The first thing to note is that ModifyDetails is a masked operation – that means that it only operates on the specific values selected and thus you need only addproperties for elements that you wish to change; all other properties will remain unchanged. You will note from the javadocs that the addPropertyValue and setPropertyValues take String to object mappings. These map the property name (the String) to its value (the object).

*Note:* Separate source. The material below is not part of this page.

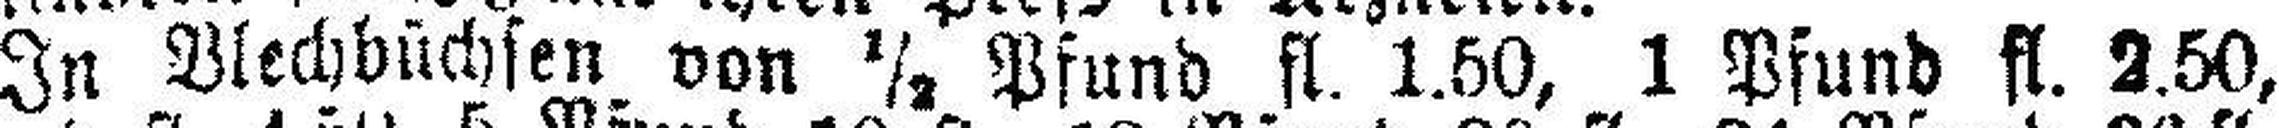
In Blechbüchsen von ½ Pfund fl. 1.50, 1 Pfund fl. 2.50,

If we look at EndPoint (as an example) we will see things like ACTIVE, FROM_DISPLAY, FROM_NUMBER, NAME, etc., which correspond to the properties of the EndPoint. We can then reference the appropriate get operation in order to see the defined type required for that property’s value. So, for example, the CUSTOM_FIELDS property has a corresponding getCustomFields function which returns a List<String> and, by association, we know the ModifyDetails operation must supply a List<String>. If we test this “get” function we will also note that it is a List of length three, corresponding to the three custom fields available.

The following snippet illustrates how to update the CUSTOM_FIELDS of an EndPoint:

                /*[ ... ]*/
                ModifyDetails modifyOperation = operationFactory.newModifyDetails() ;
                HashMap<String,Object> details = new HashMap<String,Object>() ;
                List< string > customFields = new Vector< string >() ;
                customFields.add( "Field 1" ) ;
                customFields.add( "Field 2" ) ;
                customFields.add( "Field 3" ) ;
                details.put( EndPoint.CUSTOM_FIELDS, customFields );
                modifyOperation.setPropertyValues( hashMap ) ;
                try {
                endPoint.execute(modifyDetails).get() ;
                } catch (InterruptedException e1) {
                e1.printStackTrace() ;
                } catch (ExecutionException e1) {
                e1.printStackTrace() ;
                }
                /*[ ... ]*/
                < /string >< /string >

NOTE: It's important to note that many Conferencing objects reflect status and, although it may seem intuitive to use the NAME property to store a “name”, you should use the CUSTOM_FIELDS to store application specific information.

NOTE: It is prudent to setValidating to true in order to prevent partial updates.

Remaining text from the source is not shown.